Did I missed something? Could you please help me understand the issue? I would greatly appreciate any assistance you can provide. Thank you so much.

Best, Chuang Yang

lizzyhku commented 1 year ago

Thanks for your interest for our paper. Mabe I forget to update since preprocessing code is to much. Thanks for your notification. I will update another part of code for this part as soon as possible.

SUSTC-ChuangYANG commented 1 year ago

Thank you for your prompt reply. Looking forward to seeing the updated code.

lizzyhku commented 1 year ago

Hi, Chuang Yang, I have uploaded one version of poi preprocessing (pre_s14_poi_skip.py), you can have a look. Since there are a lot of data preprocessing code files, maybe I forget to upload some files. You can have a look. If you have any other questions, you can contact me again. Thanks for your notification. Thanks a lot.

SUSTC-ChuangYANG commented 1 year ago

Hi @lizzyhku , Thank you very much for updating the code quickly. After reading your code, I still have some questions. In the paper, you mentioned

we feed the region-specific POI vector into the Skip-gram model [2] for POI context embedding.
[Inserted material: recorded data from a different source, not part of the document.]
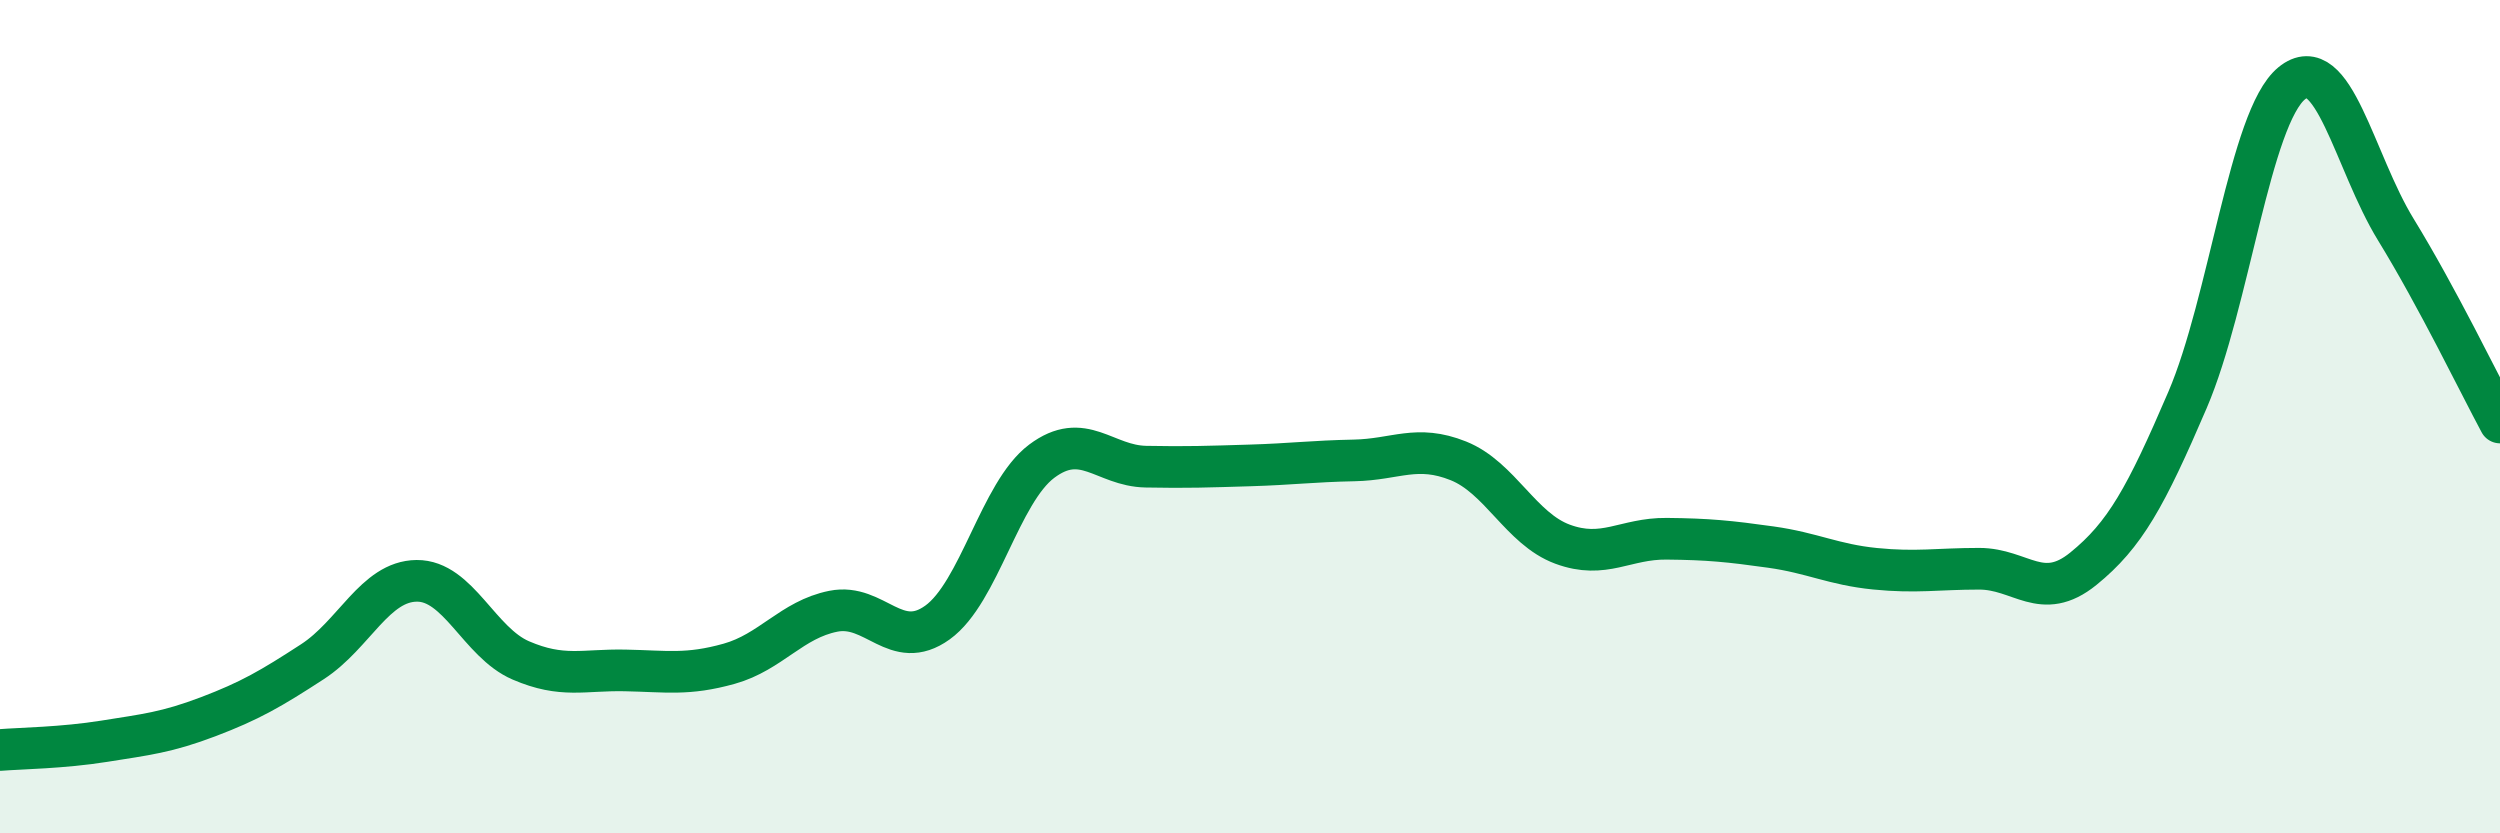 
    <svg width="60" height="20" viewBox="0 0 60 20" xmlns="http://www.w3.org/2000/svg">
      <path
        d="M 0,18 C 0.5,17.96 1.5,17.95 2.5,17.79 C 3.5,17.63 4,17.58 5,17.2 C 6,16.82 6.5,16.53 7.5,15.88 C 8.5,15.23 9,13.95 10,13.94 C 11,13.93 11.5,15.42 12.5,15.85 C 13.5,16.28 14,16.07 15,16.09 C 16,16.11 16.5,16.21 17.5,15.93 C 18.5,15.65 19,14.87 20,14.67 C 21,14.47 21.5,15.66 22.5,14.94 C 23.5,14.22 24,11.82 25,11.07 C 26,10.32 26.5,11.18 27.5,11.2 C 28.5,11.22 29,11.2 30,11.17 C 31,11.14 31.5,11.07 32.5,11.05 C 33.5,11.03 34,10.66 35,11.06 C 36,11.46 36.5,12.69 37.5,13.06 C 38.5,13.43 39,12.92 40,12.93 C 41,12.94 41.5,12.99 42.5,13.13 C 43.5,13.27 44,13.55 45,13.65 C 46,13.75 46.5,13.65 47.5,13.65 C 48.5,13.65 49,14.46 50,13.65 C 51,12.84 51.5,11.93 52.5,9.6 C 53.5,7.27 54,2.82 55,2 C 56,1.18 56.5,3.88 57.5,5.51 C 58.5,7.14 59.5,9.21 60,10.14L60 20L0 20Z"
        fill="#008740"
        opacity="0.1"
        stroke-linecap="round"
        stroke-linejoin="round"
      />
      <path
        d="M 0,18 C 0.5,17.96 1.5,17.95 2.5,17.79 C 3.5,17.63 4,17.58 5,17.2 C 6,16.82 6.5,16.53 7.5,15.88 C 8.5,15.23 9,13.95 10,13.94 C 11,13.93 11.5,15.42 12.5,15.85 C 13.5,16.28 14,16.07 15,16.09 C 16,16.11 16.5,16.21 17.5,15.93 C 18.5,15.65 19,14.87 20,14.67 C 21,14.47 21.5,15.66 22.5,14.94 C 23.5,14.22 24,11.82 25,11.07 C 26,10.32 26.5,11.18 27.5,11.2 C 28.5,11.22 29,11.2 30,11.17 C 31,11.14 31.5,11.07 32.5,11.05 C 33.5,11.03 34,10.66 35,11.06 C 36,11.46 36.5,12.69 37.5,13.06 C 38.5,13.43 39,12.92 40,12.93 C 41,12.94 41.5,12.99 42.5,13.13 C 43.5,13.27 44,13.55 45,13.65 C 46,13.75 46.5,13.65 47.5,13.65 C 48.5,13.65 49,14.46 50,13.65 C 51,12.84 51.5,11.93 52.5,9.6 C 53.5,7.27 54,2.82 55,2 C 56,1.18 56.5,3.88 57.5,5.51 C 58.5,7.14 59.5,9.21 60,10.14"
        stroke="#008740"
        stroke-width="1"
        fill="none"
        stroke-linecap="round"
        stroke-linejoin="round"
      />
    </svg>

but I found that only poi category list was input in the code, not the region-specific POI vector.
Moreover, the poi was mapping to the index in order, hence the data used for training is i, i+1 -> i+2. Is this just a task of fiting y = x+1, e.g., input 3,4, output 5

poi_list_1 = ['drinking_water', 'toilets', 'school', 'hospital', 'arts_centre', 'fire_station', 'police', 'bicycle_parking', 'fountain', 'ferry_terminal', 'bench', 'cinema', 'cafe', 'pub', 'waste_basket', 'parking_entrance', 'parking', 'fast_food', 'bank', 'restaurant', 'ice_cream', 'pharmacy', 'taxi', 'post_box', 'atm', 'nightclub', 'social_facility', 'bar', 'biergarten', 'clock', 'bicycle_rental', 'community_centre', 'watering_place', 'ranger_station', 'boat_rental', 'recycling', 'payment_terminal', 'bicycle_repair_station', 'place_of_worship', 'shelter', 'telephone', 'clinic', 'dentist', 'vending_machine', 'theatre', 'charging_station', 'public_bookcase', 'post_office', 'fuel', 'doctors','drinking_water', 'toilets']
test_sentence = poi_list_1
# 构建训练集数据 ([ 第一个单词, 第二个单词 ], 预测目标)
trigrams = [([test_sentence[i], test_sentence[i + 1]], test_sentence[i + 2]) for i in range(len(test_sentence) - 2)]
# 构建测试集数据
vocab = set(test_sentence)
word_to_ix = {word: i for i, word in enumerate(vocab)}

for context, target in trigrams:
        # 准备输入模型的数据
        context_idxs = torch.tensor([word_to_ix[w] for w in context], dtype=torch.long)
        # 进行训练得到预测结果
        log_probs,out = model(context_idxs)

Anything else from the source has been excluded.